* [Work instruction]: When you reach the line that contains "Povos; dice, que o sabe, e conhece" in the data below, start reproducing lines exactly, and stop after the line that contains "Perguntado se sabe, e conhece, que".

>>>>

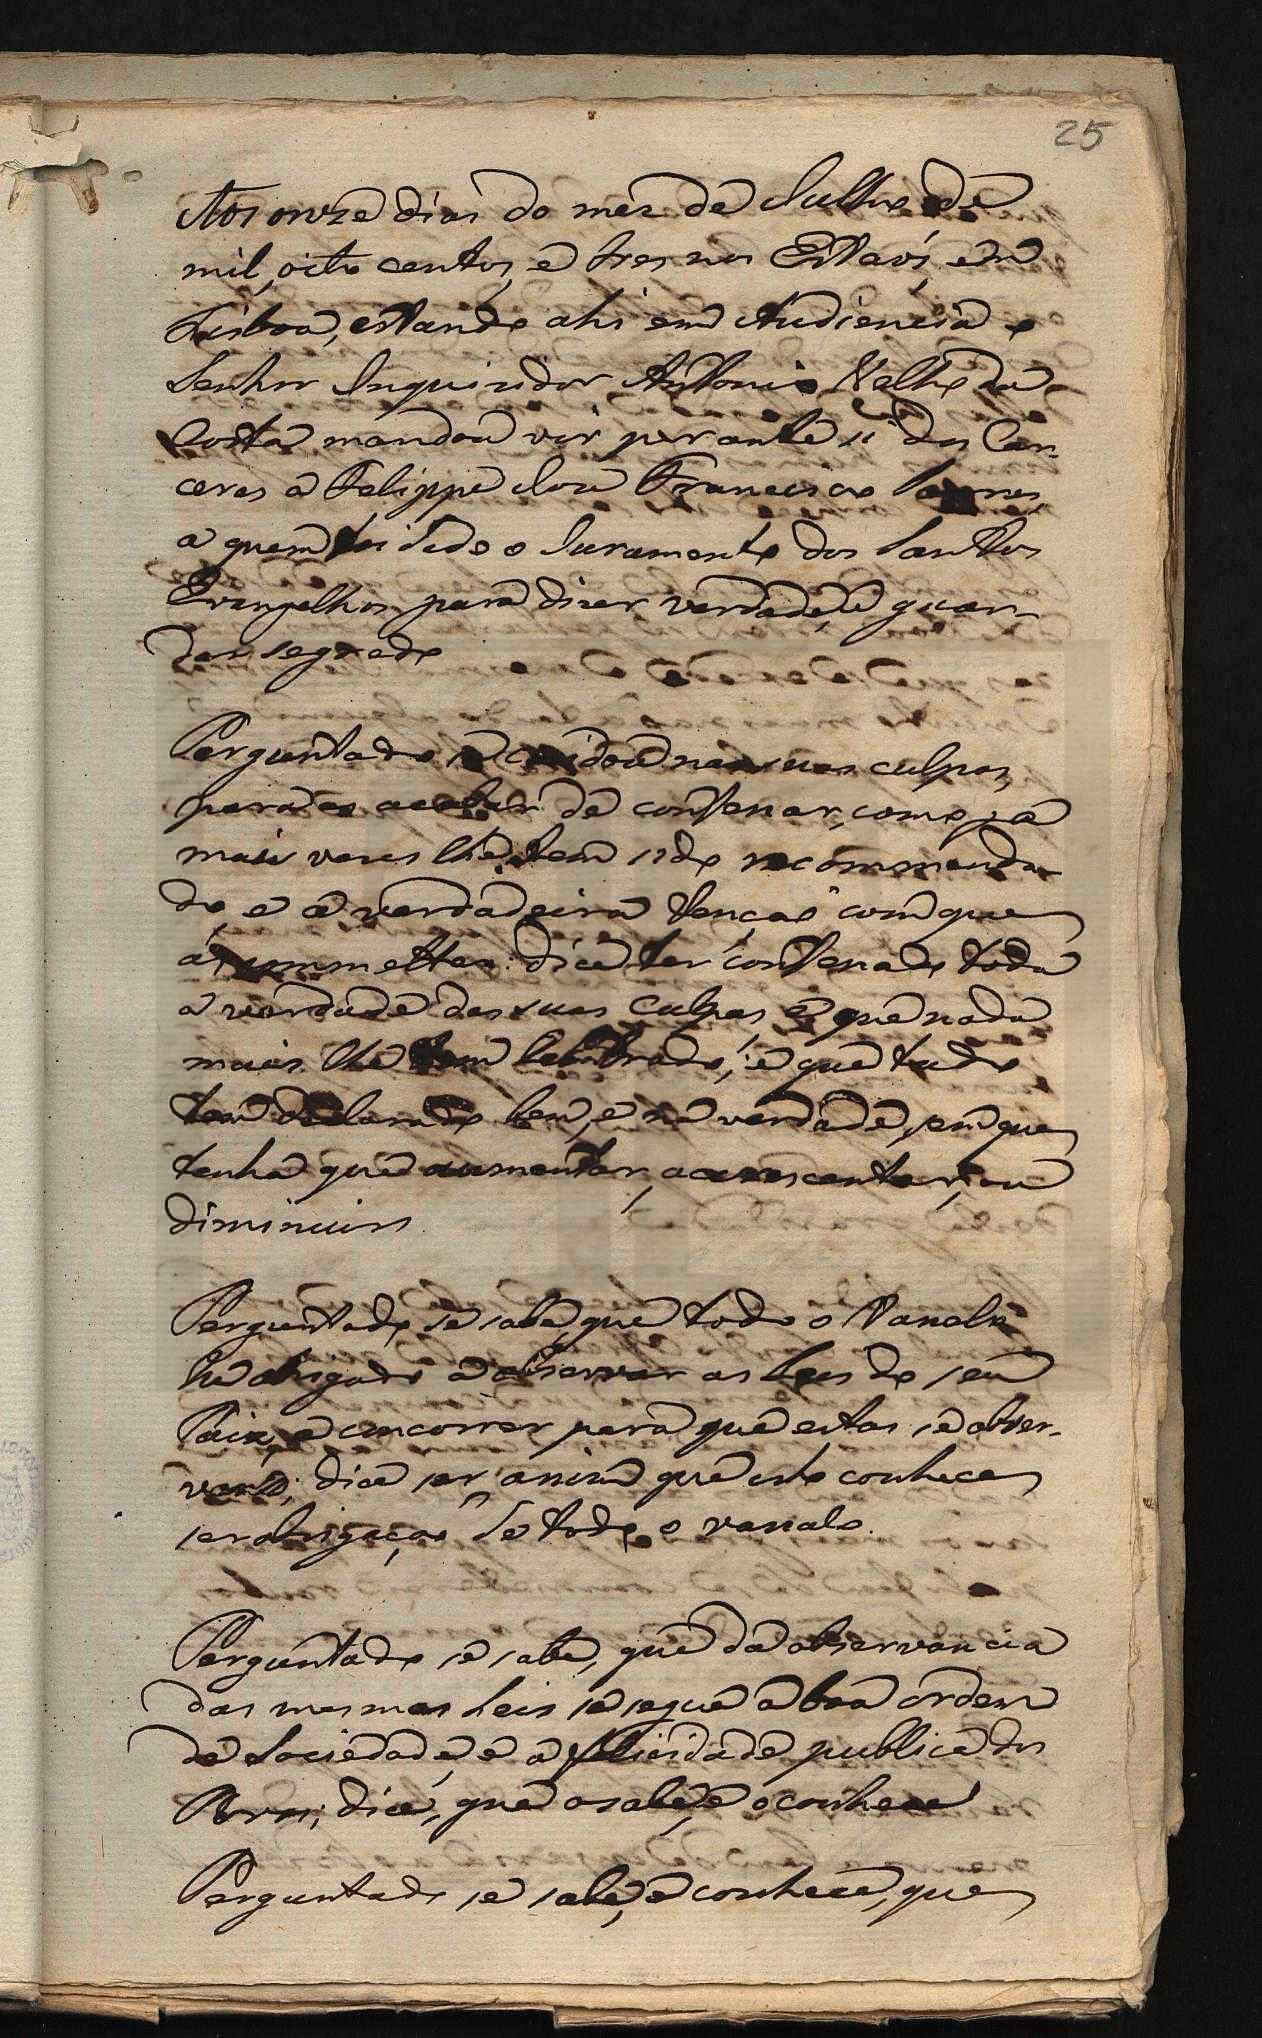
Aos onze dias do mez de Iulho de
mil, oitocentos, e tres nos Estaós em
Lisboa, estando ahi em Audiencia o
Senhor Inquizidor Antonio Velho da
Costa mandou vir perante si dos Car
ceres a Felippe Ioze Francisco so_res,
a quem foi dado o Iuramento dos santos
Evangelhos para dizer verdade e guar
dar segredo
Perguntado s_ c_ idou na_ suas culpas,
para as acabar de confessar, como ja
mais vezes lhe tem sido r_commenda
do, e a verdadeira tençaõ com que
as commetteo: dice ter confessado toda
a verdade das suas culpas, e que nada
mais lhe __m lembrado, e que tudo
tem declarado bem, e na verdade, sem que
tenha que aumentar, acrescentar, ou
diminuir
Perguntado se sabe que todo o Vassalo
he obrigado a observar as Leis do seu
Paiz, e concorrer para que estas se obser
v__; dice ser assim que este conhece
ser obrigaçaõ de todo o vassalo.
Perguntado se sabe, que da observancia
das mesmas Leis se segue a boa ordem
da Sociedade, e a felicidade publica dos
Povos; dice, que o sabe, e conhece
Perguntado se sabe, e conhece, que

<<<<
>>>>

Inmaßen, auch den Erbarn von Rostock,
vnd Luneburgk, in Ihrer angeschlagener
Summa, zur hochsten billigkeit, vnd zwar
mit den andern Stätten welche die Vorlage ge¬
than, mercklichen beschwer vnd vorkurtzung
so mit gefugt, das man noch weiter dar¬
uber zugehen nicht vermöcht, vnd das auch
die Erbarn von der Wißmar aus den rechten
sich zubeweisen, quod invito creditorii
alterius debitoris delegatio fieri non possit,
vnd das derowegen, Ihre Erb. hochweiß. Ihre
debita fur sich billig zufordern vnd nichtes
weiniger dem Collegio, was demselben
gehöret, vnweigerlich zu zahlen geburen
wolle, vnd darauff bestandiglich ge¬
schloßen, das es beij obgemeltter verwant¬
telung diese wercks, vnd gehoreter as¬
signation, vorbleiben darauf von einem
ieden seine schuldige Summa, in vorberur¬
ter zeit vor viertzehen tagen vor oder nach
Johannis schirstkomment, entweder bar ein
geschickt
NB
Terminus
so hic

<<<<

* [Result of the exercise]:
Povos; dice, que o sabe, e conhece
Perguntado se sabe, e conhece, que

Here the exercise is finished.